● **About this task**: All entries below must be retyped exactly, though pictures are to be skipped.

-------- Records

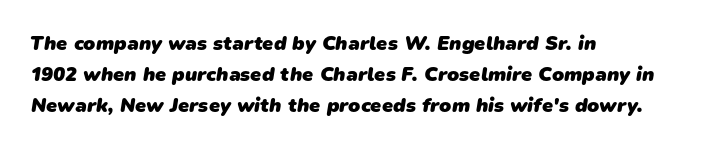
The image shows 20 px bold type; set left-aligned, normal line spacing (1.56x), normal letter spacing, not underlined.
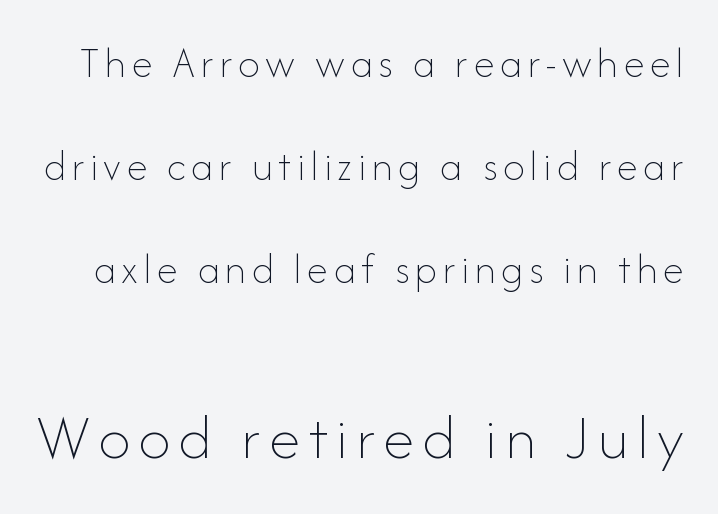
The image shows 64 px thin type, upright; set loose line spacing (2.39x), not underlined; the second (bottom) block is 1.49x larger; low stroke contrast and a small x-height.
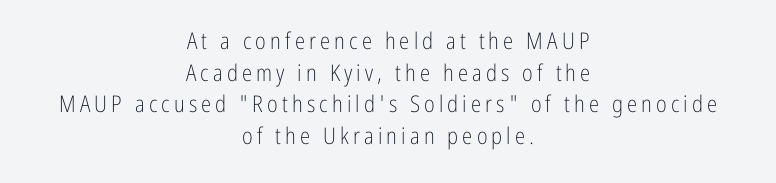
The image shows 23 px text type, upright; set centered, normal line spacing (1.38x), not underlined.
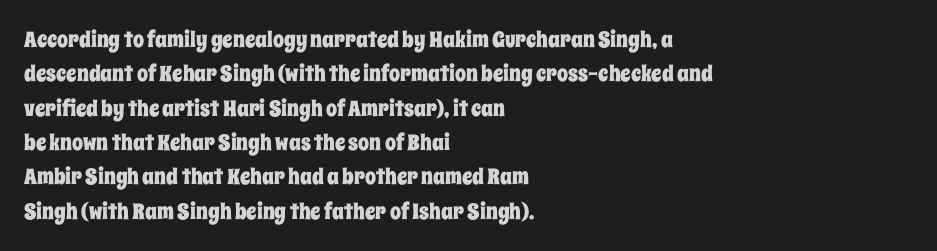
Teacher's note: observe the even left margin — that is flush-left alignment. The passage shown has conventional tracking throughout. It's the straight-up-and-down kind of type. The block of text has a typical density, with ordinary space between rows. The area under the type is left untouched.
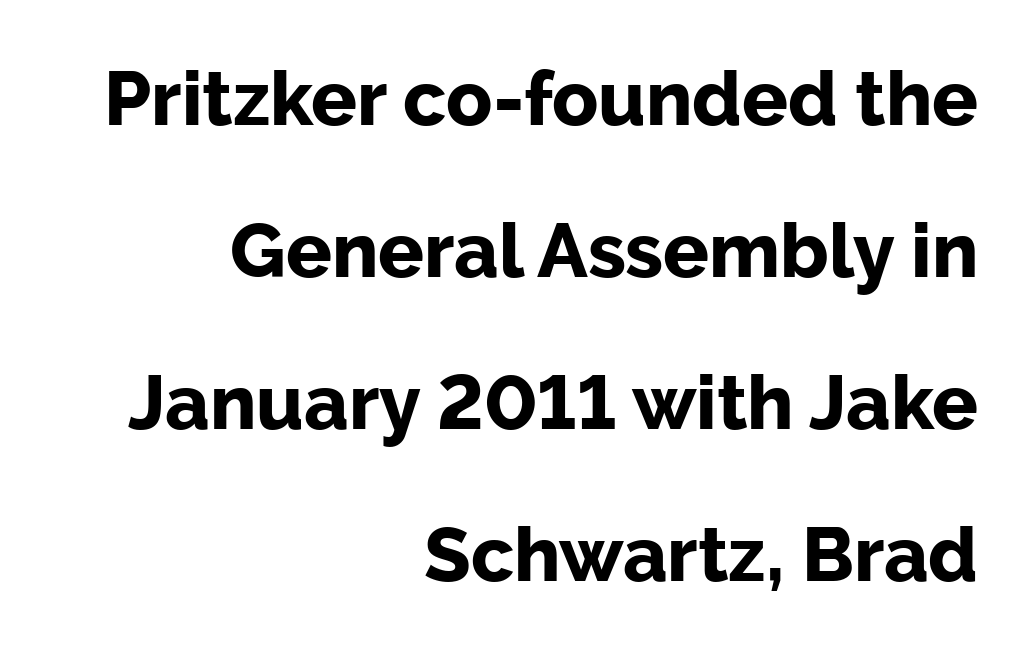
{"serif": "no", "italic": "no", "bold": "yes", "weight": "bold", "width": "normal", "stroke_contrast": "low", "x_height": "medium", "monospaced": "no", "underline": "no", "align": "right", "line_spacing": "loose", "line_spacing_ratio": 2.0, "letter_spacing": "normal", "letter_spacing_em": 0.0, "glyph_px": 76}
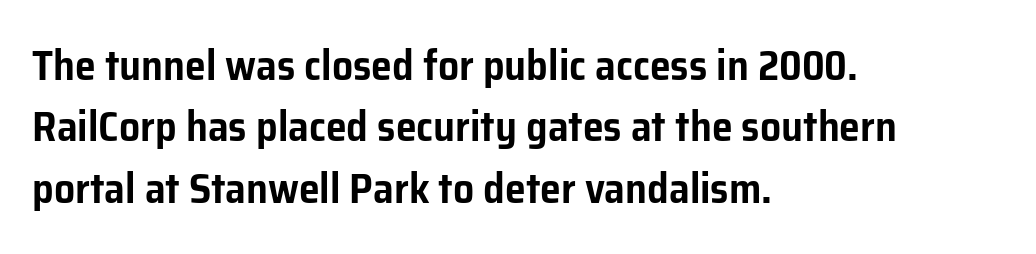
Q: Is the text italic (slanted)? A: No, it is upright.
Q: Is the typeface a serif or a sans-serif typeface? A: Sans-serif.
Q: Is the text underlined? A: No.
Q: How is the paragraph aligned? A: Left-aligned.
Q: Is the spacing between letters normal or unusually wide? A: Normal.
Q: Is the spacing between lines tight, normal or loose? A: Normal.
Q: Width (condensed, normal, or wide)? A: Normal.
Q: Stroke contrast? A: Low.
Q: x-height? A: Medium.
Q: Monospaced? A: No.

----------------

● **Finished exercise**:
The image shows 20 px bold type; set left-aligned, normal line spacing (1.56x), normal letter spacing, not underlined.
The image shows 64 px thin type, upright; set loose line spacing (2.39x), not underlined; the second (bottom) block is 1.49x larger; low stroke contrast and a small x-height.
The image shows 23 px text type, upright; set centered, normal line spacing (1.38x), not underlined.
Teacher's note: observe the even left margin — that is flush-left alignment. The passage shown has conventional tracking throughout. It's the straight-up-and-down kind of type. The block of text has a typical density, with ordinary space between rows. The area under the type is left untouched.
{"serif": "no", "italic": "no", "bold": "yes", "weight": "bold", "width": "normal", "stroke_contrast": "low", "x_height": "medium", "monospaced": "no", "underline": "no", "align": "right", "line_spacing": "loose", "line_spacing_ratio": 2.0, "letter_spacing": "normal", "letter_spacing_em": 0.0, "glyph_px": 76}
Q: Is the text italic (slanted)? A: No, it is upright.
Q: Is the typeface a serif or a sans-serif typeface? A: Sans-serif.
Q: Is the text underlined? A: No.
Q: How is the paragraph aligned? A: Left-aligned.
Q: Is the spacing between letters normal or unusually wide? A: Normal.
Q: Is the spacing between lines tight, normal or loose? A: Normal.
Q: Width (condensed, normal, or wide)? A: Normal.
Q: Stroke contrast? A: Low.
Q: x-height? A: Medium.
Q: Monospaced? A: No.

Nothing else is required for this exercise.